§ Exercise requirements: Pick out every line in the data below that holds "rect".

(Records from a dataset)

____________________

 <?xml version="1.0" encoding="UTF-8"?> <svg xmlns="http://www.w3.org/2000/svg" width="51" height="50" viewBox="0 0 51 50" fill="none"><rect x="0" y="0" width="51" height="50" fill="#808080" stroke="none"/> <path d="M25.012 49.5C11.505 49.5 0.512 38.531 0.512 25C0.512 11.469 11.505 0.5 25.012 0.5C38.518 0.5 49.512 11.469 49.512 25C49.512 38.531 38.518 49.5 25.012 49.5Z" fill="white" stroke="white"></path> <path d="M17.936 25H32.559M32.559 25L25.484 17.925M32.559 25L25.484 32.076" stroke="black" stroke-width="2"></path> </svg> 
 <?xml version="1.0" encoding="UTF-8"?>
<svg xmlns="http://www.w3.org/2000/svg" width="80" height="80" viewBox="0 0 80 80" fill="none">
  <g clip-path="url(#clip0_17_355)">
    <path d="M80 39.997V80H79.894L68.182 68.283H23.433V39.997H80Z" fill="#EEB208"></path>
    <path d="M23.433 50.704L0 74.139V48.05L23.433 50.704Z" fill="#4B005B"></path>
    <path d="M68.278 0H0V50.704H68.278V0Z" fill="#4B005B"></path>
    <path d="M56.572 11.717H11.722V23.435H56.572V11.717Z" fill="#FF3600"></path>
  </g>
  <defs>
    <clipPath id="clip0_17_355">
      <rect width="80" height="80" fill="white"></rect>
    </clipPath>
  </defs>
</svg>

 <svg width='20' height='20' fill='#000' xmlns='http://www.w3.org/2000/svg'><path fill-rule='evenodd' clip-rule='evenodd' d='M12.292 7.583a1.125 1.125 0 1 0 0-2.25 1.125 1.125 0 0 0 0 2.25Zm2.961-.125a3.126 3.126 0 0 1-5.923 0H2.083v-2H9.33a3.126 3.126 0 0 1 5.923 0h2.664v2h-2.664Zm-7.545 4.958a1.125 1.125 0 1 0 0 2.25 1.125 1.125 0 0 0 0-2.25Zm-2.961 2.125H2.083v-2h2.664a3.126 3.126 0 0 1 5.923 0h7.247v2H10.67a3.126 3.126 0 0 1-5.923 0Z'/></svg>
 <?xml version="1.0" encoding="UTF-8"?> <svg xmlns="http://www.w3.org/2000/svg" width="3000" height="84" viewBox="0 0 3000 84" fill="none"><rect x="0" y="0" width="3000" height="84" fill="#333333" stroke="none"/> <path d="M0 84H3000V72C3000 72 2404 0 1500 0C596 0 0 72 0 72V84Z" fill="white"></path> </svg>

____________________

§ Written solution:
 <?xml version="1.0" encoding="UTF-8"?> <svg xmlns="http://www.w3.org/2000/svg" width="51" height="50" viewBox="0 0 51 50" fill="none"><rect x="0" y="0" width="51" height="50" fill="#808080" stroke="none"/> <path d="M25.012 49.5C11.505 49.5 0.512 38.531 0.512 25C0.512 11.469 11.505 0.5 25.012 0.5C38.518 0.5 49.512 11.469 49.512 25C49.512 38.531 38.518 49.5 25.012 49.5Z" fill="white" stroke="white"></path> <path d="M17.936 25H32.559M32.559 25L25.484 17.925M32.559 25L25.484 32.076" stroke="black" stroke-width="2"></path> </svg> 
      <rect width="80" height="80" fill="white"></rect>
 <?xml version="1.0" encoding="UTF-8"?> <svg xmlns="http://www.w3.org/2000/svg" width="3000" height="84" viewBox="0 0 3000 84" fill="none"><rect x="0" y="0" width="3000" height="84" fill="#333333" stroke="none"/> <path d="M0 84H3000V72C3000 72 2404 0 1500 0C596 0 0 72 0 72V84Z" fill="white"></path> </svg>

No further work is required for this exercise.